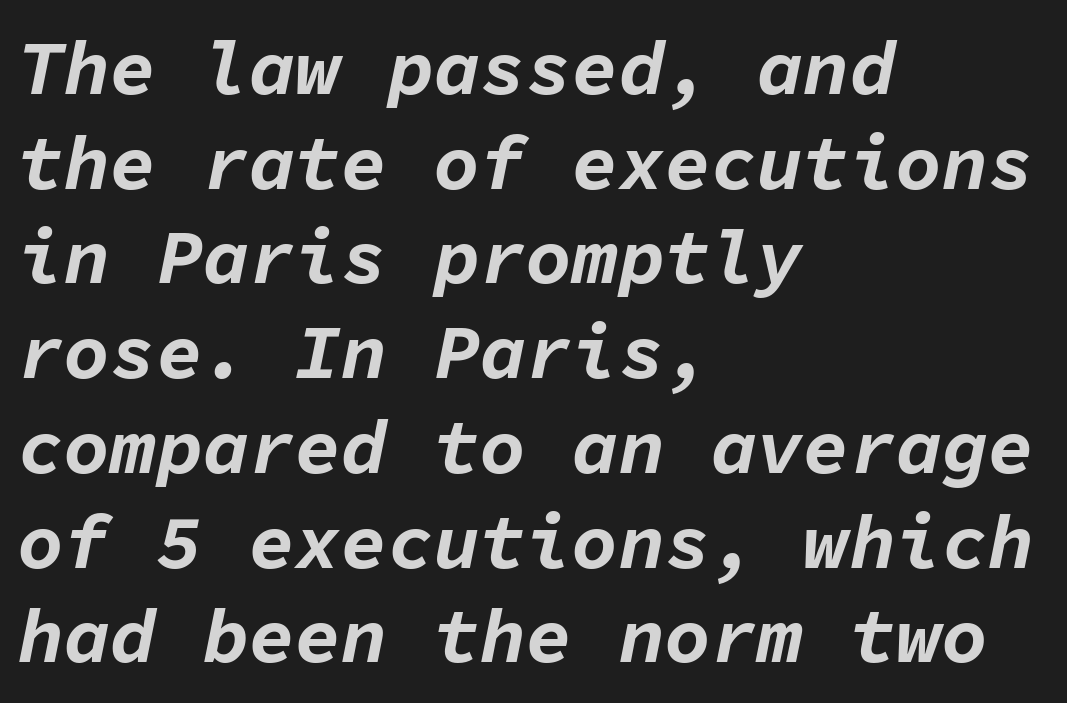
These lines are rendered in a fixed-pitch font. In CSS terms this would be text-align: left. The typography opts for an oblique posture over an upright one. Default kerning and tracking; the words read as compact shapes. The sample has been set heavy, in full bold.
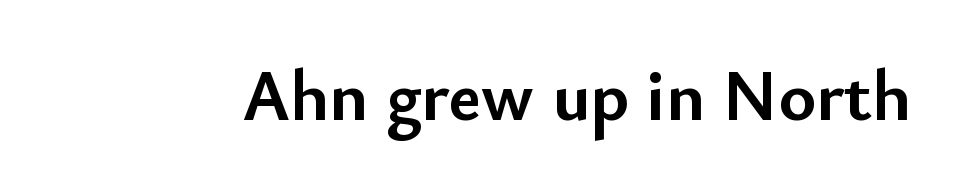
Q: Is the text bold? A: Yes.
Q: Is the text italic (slanted)? A: No, it is upright.
Q: Is the typeface a serif or a sans-serif typeface? A: Sans-serif.
Q: Is the text underlined? A: No.
Q: Is the spacing between letters normal or unusually wide? A: Normal.
Q: Width (condensed, normal, or wide)? A: Normal.
Q: Stroke contrast? A: Low.
Q: x-height? A: Small.
Q: Monospaced? A: No.
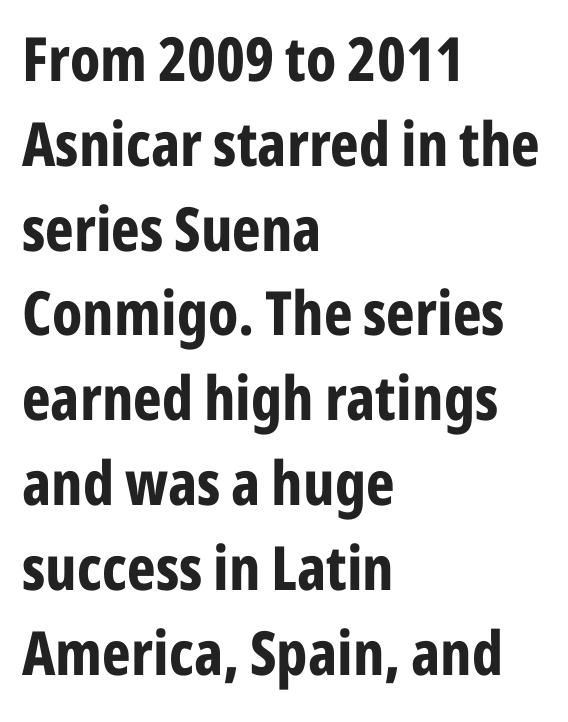
{"serif": "no", "italic": "no", "bold": "yes", "weight": "bold", "width": "condensed", "stroke_contrast": "low", "x_height": "medium", "monospaced": "no", "underline": "no", "align": "left", "line_spacing": "normal", "line_spacing_ratio": 1.39, "letter_spacing": "normal", "letter_spacing_em": 0.0, "glyph_px": 61}
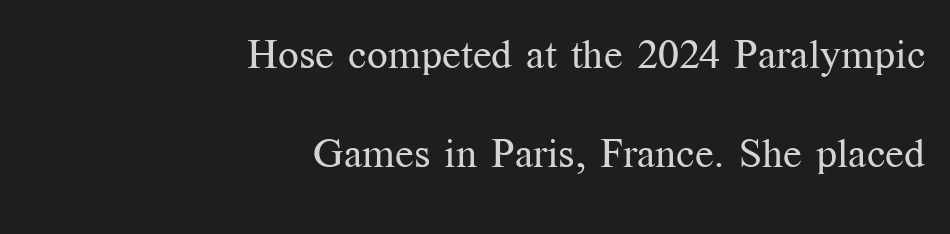
Q: Is the text bold? A: No.
Q: Is the text italic (slanted)? A: No, it is upright.
Q: Is the typeface a serif or a sans-serif typeface? A: Serif.
Q: Is the text underlined? A: No.
Q: How is the paragraph aligned? A: Right-aligned.
Q: Is the spacing between letters normal or unusually wide? A: Normal.
Q: Is the spacing between lines tight, normal or loose? A: Loose.
Q: Width (condensed, normal, or wide)? A: Normal.
Q: Stroke contrast? A: Medium.
Q: x-height? A: Medium.
Q: Monospaced? A: No.
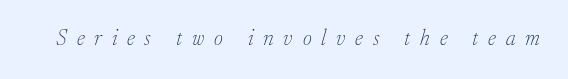
Q: Is the text bold? A: No.
Q: Is the text italic (slanted)? A: Yes, it leans right by about 17 degrees.
Q: Is the text underlined? A: No.
Q: Is the spacing between letters normal or unusually wide? A: Unusually wide.
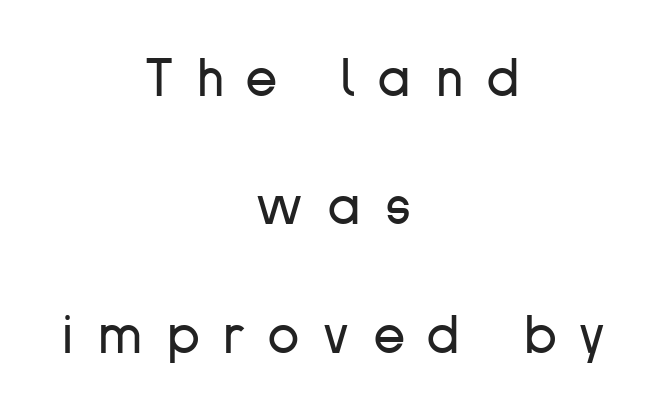
Reading down the block, each line starts at a different indent, mirrored at its end. Is the letter spacing exaggerated? Yes — the characters are pushed far apart. Is this a sans? Yes — the strokes have no serifs. Looks like regular typesetting: each glyph gets only the width it needs. Horizontal bands of white between lines are thick stripes.
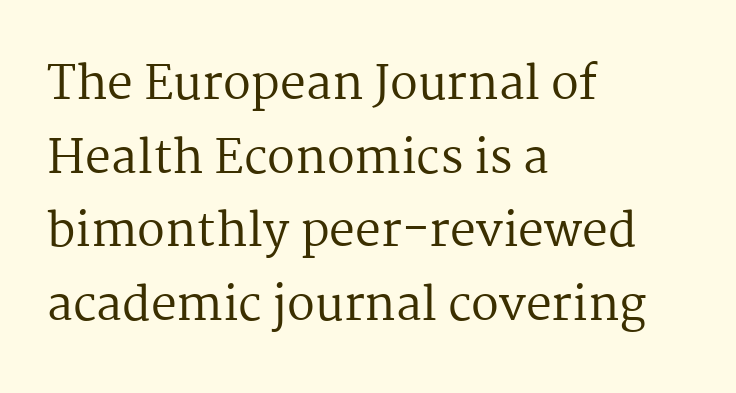
{"serif": "yes", "italic": "no", "bold": "no", "weight": "regular", "width": "normal", "stroke_contrast": "medium", "x_height": "medium", "monospaced": "no", "underline": "no", "align": "left", "line_spacing": "normal", "line_spacing_ratio": 1.6, "letter_spacing": "normal", "letter_spacing_em": 0.0, "glyph_px": 46}
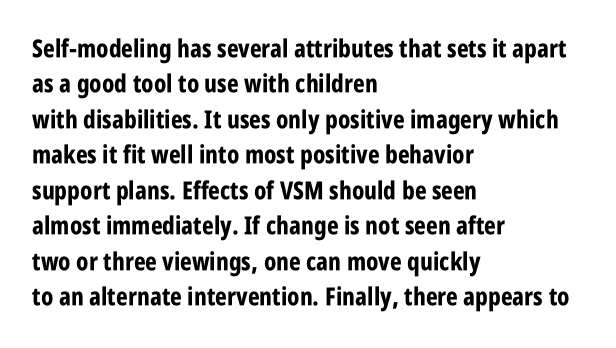
The image shows 25 px bold type, upright; set left-aligned, normal line spacing (1.42x), normal letter spacing, not underlined.
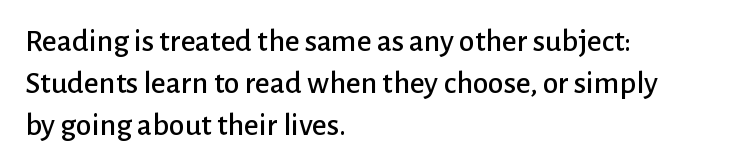
Each line starts at the same left margin while the right side varies. Ascenders rise straight up at ninety degrees. Each word holds together tightly as a unit, with standard inter-letter gaps. Quick note: interline space is typical.
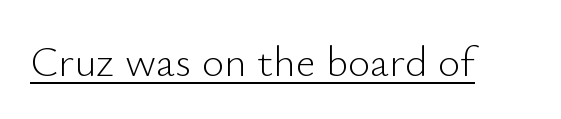
Q: Is the text bold? A: No.
Q: Is the text italic (slanted)? A: No, it is upright.
Q: Is the typeface a serif or a sans-serif typeface? A: Sans-serif.
Q: Is the text underlined? A: Yes.
Q: Is the spacing between letters normal or unusually wide? A: Normal.
Q: Width (condensed, normal, or wide)? A: Normal.
Q: Stroke contrast? A: Low.
Q: x-height? A: Small.
Q: Monospaced? A: No.
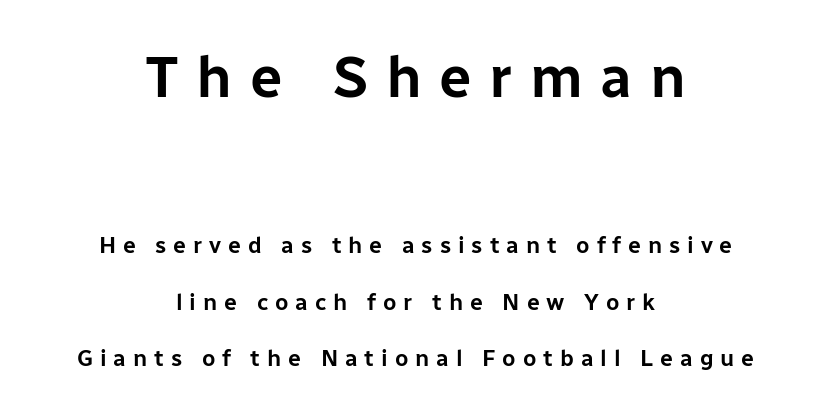
The image shows 58 px sans-serif type, upright; set centered, loose line spacing (2.46x), unusually wide letter spacing (+0.3 em), not underlined; the first (top) block is 2.52x larger; low stroke contrast and a medium x-height.
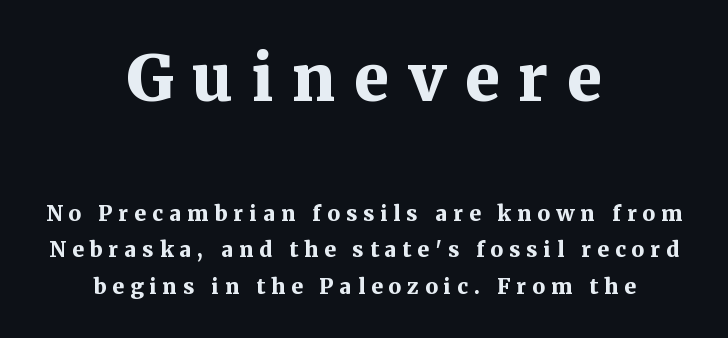
In this sample the first text group is rendered at the bigger scale. In terms of letterspacing, this is a distinctly airy, spread setting. These lines are composed in type with serifs. The letters advance in unequal steps, a hallmark of proportional type.
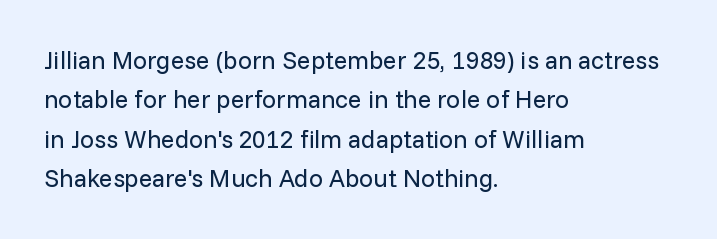
Q: Is the text bold? A: No.
Q: Is the text italic (slanted)? A: No, it is upright.
Q: Is the text underlined? A: No.
Q: How is the paragraph aligned? A: Left-aligned.
Q: Is the spacing between letters normal or unusually wide? A: Normal.
Q: Is the spacing between lines tight, normal or loose? A: Normal.
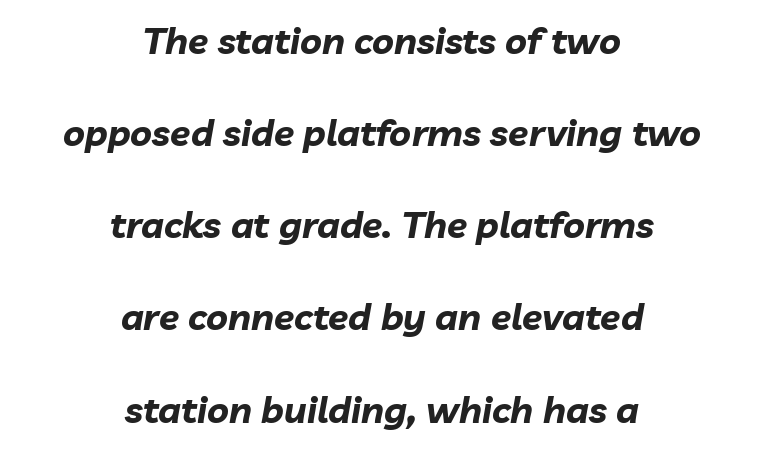
The image shows 37 px bold type, italic (leaning right); set centered, loose line spacing (2.49x), normal letter spacing, not underlined; low stroke contrast and a medium x-height.
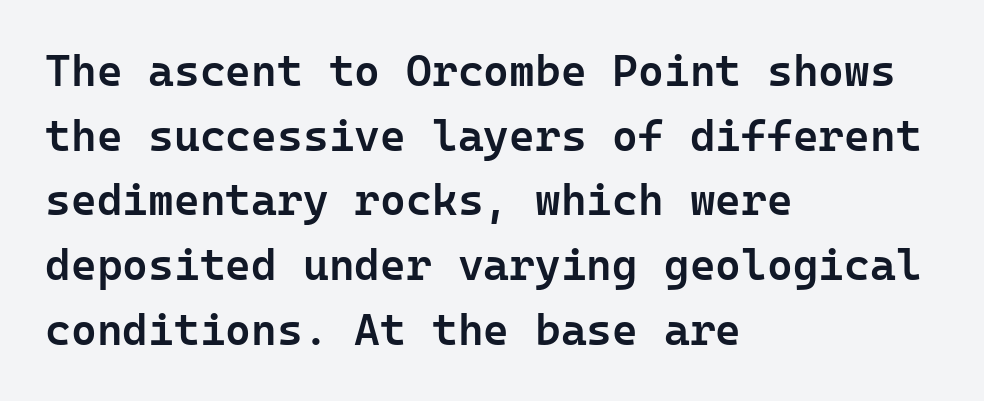
The image shows 44 px semibold sans-serif type, upright; set left-aligned, normal line spacing (1.47x), normal letter spacing, not underlined; low stroke contrast and a medium x-height.
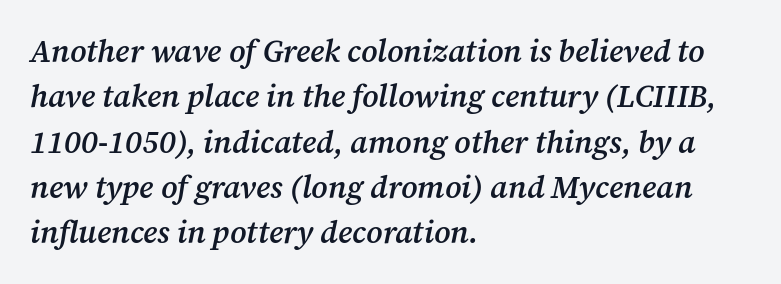
Q: Is the text bold? A: Semi-bold.
Q: Is the text italic (slanted)? A: Yes, it leans right by about 12 degrees.
Q: Is the typeface a serif or a sans-serif typeface? A: Serif.
Q: Is the text underlined? A: No.
Q: How is the paragraph aligned? A: Left-aligned.
Q: Is the spacing between letters normal or unusually wide? A: Normal.
Q: Is the spacing between lines tight, normal or loose? A: Normal.
Q: Width (condensed, normal, or wide)? A: Normal.
Q: Stroke contrast? A: Medium.
Q: x-height? A: Medium.
Q: Monospaced? A: No.

####################

What you need to do: What is the number of lines in the records that contain the word "sample"? Answer with the number and nothing else.

Expected answer: 2